What is an index, and how does a B-tree index work under the hood?

7 minintermediateindexingb-treeinternals

Quick Answer

An index is a separate, ordered data structure that lets the database find rows without scanning the whole table. A **B-tree** (balanced tree) index stores keys in sorted order across a shallow, wide tree of pages: internal nodes hold routing keys, and leaf nodes hold the indexed value plus a pointer to the actual row (or the row itself, for a clustered index). Lookups, range scans, and sorted retrieval are all O(log n) against the tree's height, which stays small (typically 3-4 levels) even for tables with millions of rows.

Detailed Answer

Without an index, finding a row requires a full table scan — reading every page of the table to check each row against the condition, which is O(n).

What an index actually is

An index is a redundant, auxiliary copy of one or more columns' worth of data, stored in a structure optimized for searching — most commonly a B-tree (or its variant, the B+tree, which most real databases actually use).

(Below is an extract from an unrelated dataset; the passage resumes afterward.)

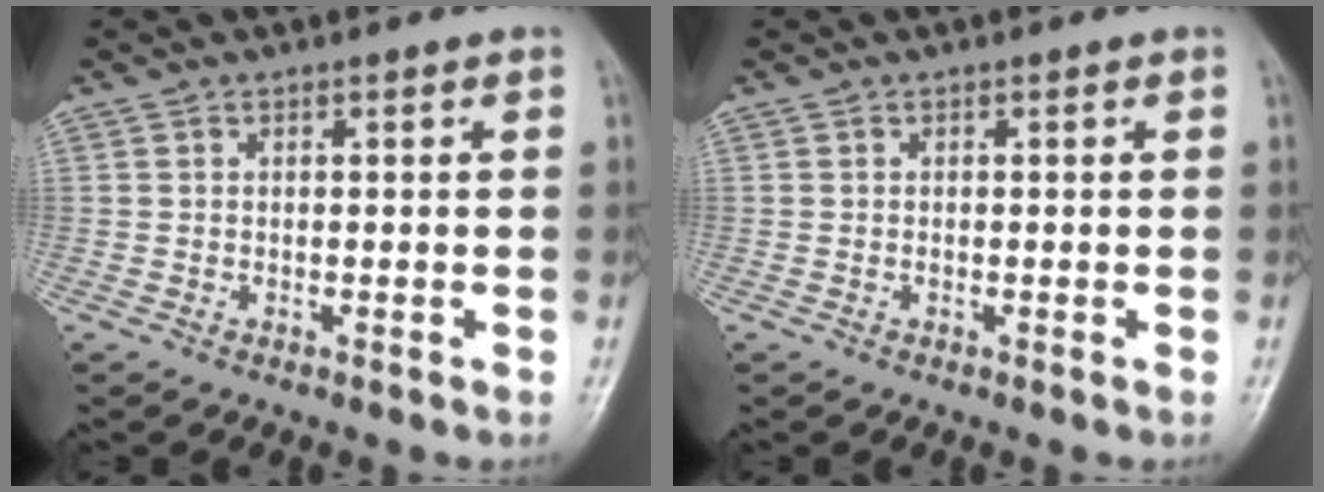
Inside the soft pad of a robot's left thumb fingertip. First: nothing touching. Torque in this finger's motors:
{"motor_torque": [-0.01, -0.01, 0.08, 0.05, 0.00]}

Maintaining it costs extra storage and slows down writes slightly (every INSERT/UPDATE/DELETE must also update every affected index), in exchange for much faster reads on the indexed column(s).

B-tree structure

                    [ 50 ]
                 /          \
          [ 20, 35 ]      [ 70, 90 ]
          /   |   \        /   |   \
      leaf  leaf  leaf  leaf  leaf  leaf   <- sorted, linked leaf pages
       (actual key values + row pointers)
  • Internal (non-leaf) nodes hold routing keys used purely to decide which child to descend into — they don't necessarily correspond to real rows.
  • Leaf nodes hold the actual indexed key values in sorted order, each paired with a pointer to the row's physical location (a "row ID"/"ctid"/"RID," depending on engine) — or, for a clustered index, the leaf is the row itself.
  • Leaf pages are typically linked together in a doubly-linked list, so once you've found your starting point, a range scan (BETWEEN, >, <, ORDER BY) can walk forward/backward through sorted leaves without re-descending the tree each time.

Why B-trees specifically (not a plain binary tree)

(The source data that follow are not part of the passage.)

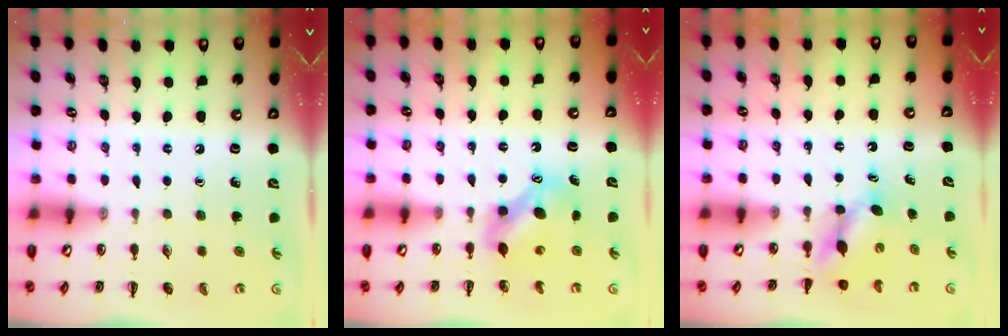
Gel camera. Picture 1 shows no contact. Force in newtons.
{"total": 7.7, "press": 7.7, "slide": 0.6}
{"total": 4.2, "press": 4.2, "slide": 0.5}
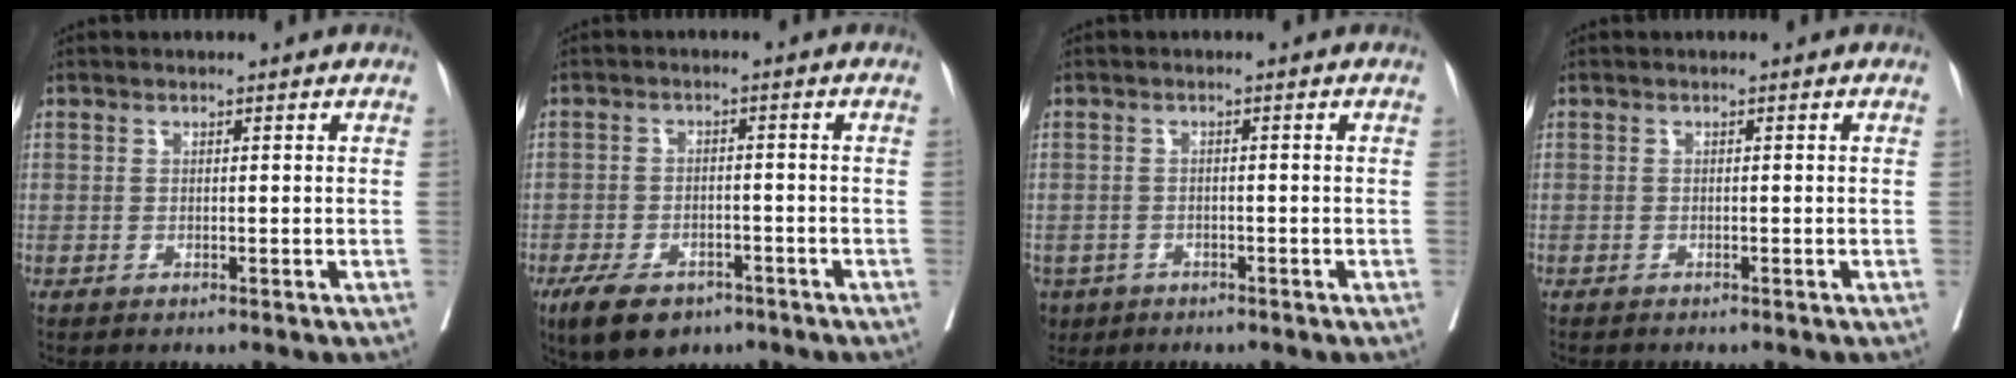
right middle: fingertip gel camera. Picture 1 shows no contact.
{"total": 8.3, "force": [-5.6, 4.3, 4.4], "torque": [-0.077, -0.003, -0.088]}
{"total": 4.5, "force": [-2.9, 3.3, 0.9], "torque": [-0.017, 0.003, -0.046]}
{"total": 1.2, "force": [-1.1, 0.2, 0.4], "torque": [-0.009, -0.002, -0.016]}
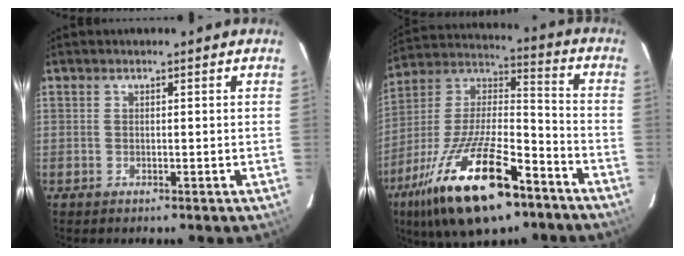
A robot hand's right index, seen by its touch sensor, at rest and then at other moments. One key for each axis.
{"total": 25.2, "fx": -14.9, "fy": 9.1, "fz": 18.2, "tx": -0.348, "ty": -0.022, "tz": -0.253}
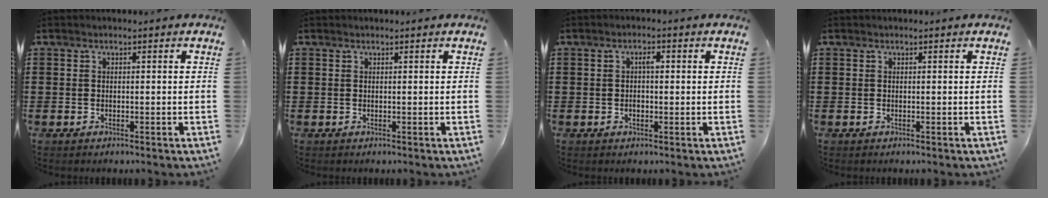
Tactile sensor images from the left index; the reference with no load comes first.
{"total": 0.0}
{"total": 2.0, "force": [0.2, 0.8, 1.8], "torque": [-0.036, 0.005, 0.002]}
{"total": 0.0}
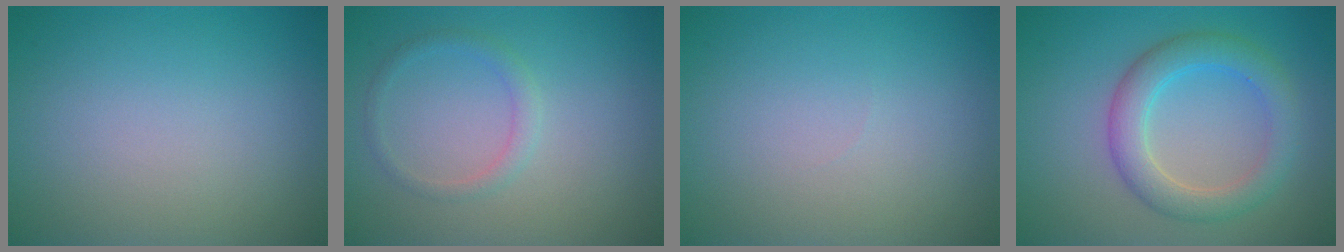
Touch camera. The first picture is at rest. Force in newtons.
{"total": 1.4, "press": 1.4, "slide": 0.1}
{"total": 0.0}
{"total": 4.4, "press": 4.3, "slide": 0.2}
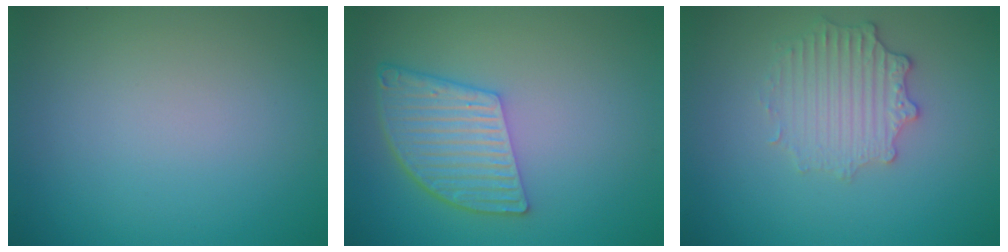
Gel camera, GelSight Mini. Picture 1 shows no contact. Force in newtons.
{"total": 5.8, "press": 4.3, "slide": 3.8}
{"total": 2.7, "press": 2.6, "slide": 0.8}

A B-tree is wide and shallow rather than narrow and deep — each node holds many keys (often hundreds, sized to match a disk page), so even a huge table needs only 3-4 levels of tree traversal to reach any leaf. This matters because each level touched is potentially a disk I/O (or at least a cache-line/page fetch); minimizing tree height directly minimizes I/O for a lookup. A plain binary tree, by contrast, would need log₂(n) levels — vastly more for large n — because each node holds only one key.

What a B-tree index is good at, and not good at

  • Excellent for: equality lookups (WHERE id = 5), range queries (WHERE price BETWEEN 10 AND 50), sorted retrieval (ORDER BY indexed_col), and prefix matching (WHERE name LIKE 'Smith%').
  • Not useful for: conditions that don't preserve the sorted-order relationship, like WHERE name LIKE '%Smith' (leading wildcard) or applying a function to the indexed column (WHERE UPPER(email) = ...) unless a matching functional/expression index exists — see the sargability question.

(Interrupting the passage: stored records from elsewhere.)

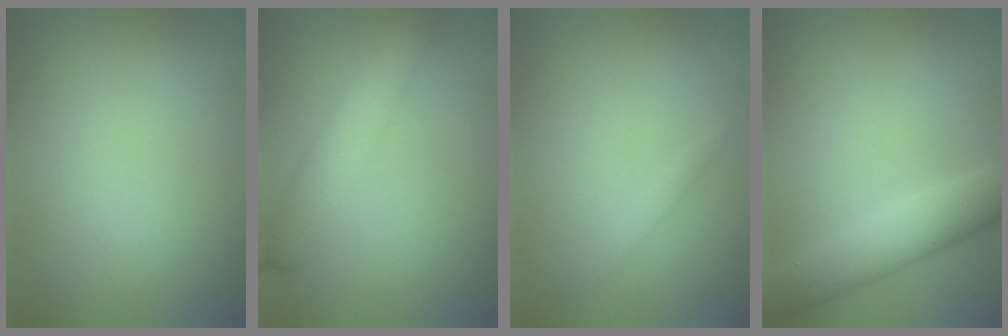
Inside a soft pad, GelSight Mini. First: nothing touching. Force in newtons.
{"total": 4.4, "press": 4.4, "slide": 0.4}
{"total": 0.9, "press": 0.9, "slide": 0.1}
{"total": 4.9, "press": 4.9, "slide": 0.2}
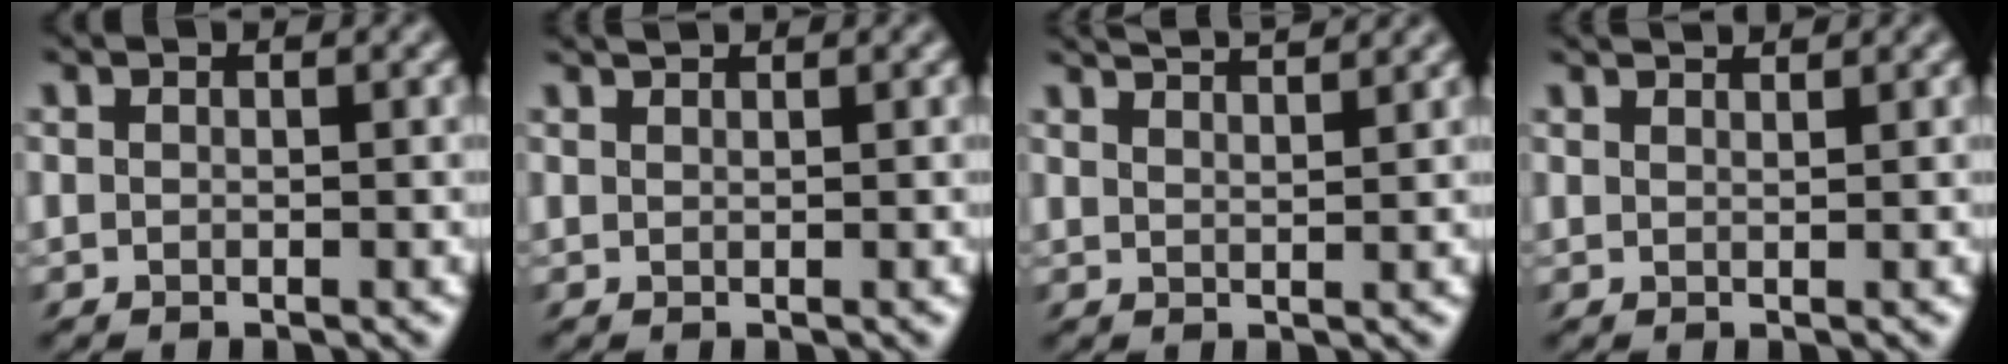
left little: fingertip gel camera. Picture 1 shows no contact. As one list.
[{"total": 1.1, "force": [1.1, -0.3, 0.1], "torque": [-0.006, 0.008, 0.024]}, {"total": 4.9, "force": [4.5, 0.3, 2.0], "torque": [-0.045, 0.025, 0.054]}, {"total": 2.1, "force": [2.0, -0.2, 0.5], "torque": [-0.013, 0.015, 0.026]}]
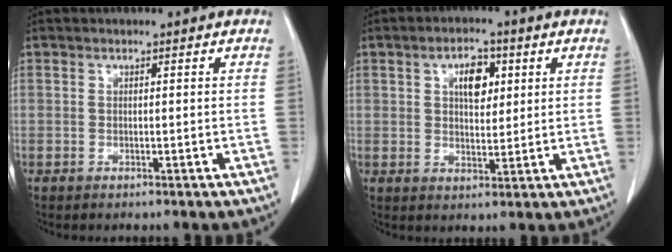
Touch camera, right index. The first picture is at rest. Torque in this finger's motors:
{"motor_torque": [0.12, 0.10, 0.12, 0.05]}
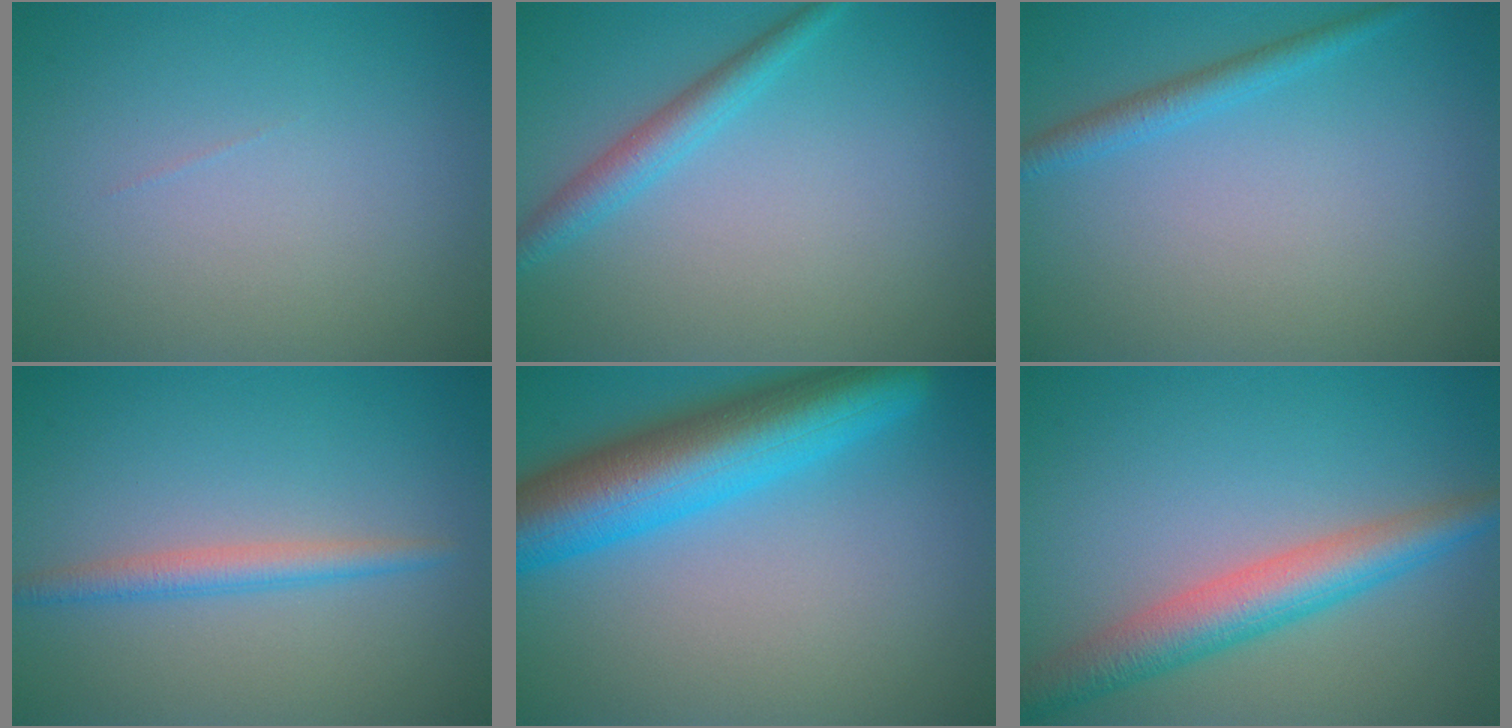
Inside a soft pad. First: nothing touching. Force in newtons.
{"total": 2.5, "press": 2.5, "slide": 0.0}
{"total": 1.9, "press": 1.9, "slide": 0.1}
{"total": 2.2, "press": 2.2, "slide": 0.0}
{"total": 9.9, "press": 9.9, "slide": 0.4}
{"total": 5.4, "press": 5.4, "slide": 0.1}
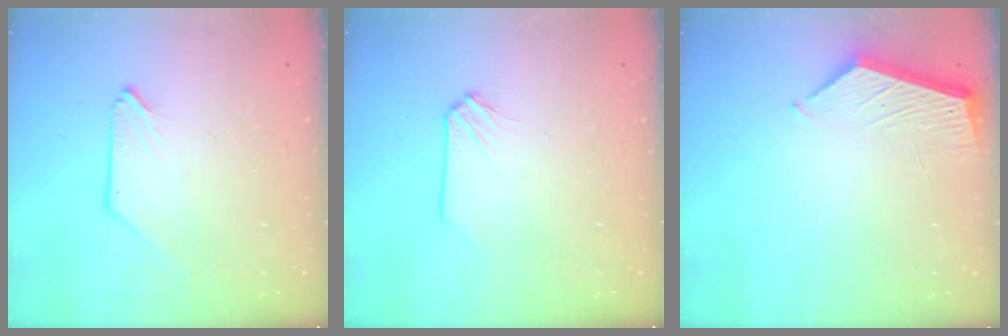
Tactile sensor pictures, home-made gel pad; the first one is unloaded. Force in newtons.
{"total": 0.0}
{"total": 5.4, "press": 5.4, "slide": 0.4}

Alternatives worth knowing exist

Hash indexes (equality-only, no range support, no sort order — see the hash-vs-B-tree question), GiST/GIN indexes (full-text search, geometric data, JSONB containment in PostgreSQL), and bitmap indexes (low-cardinality columns in analytical/OLAP systems) all trade the B-tree's general-purpose versatility for better performance on a narrower class of queries.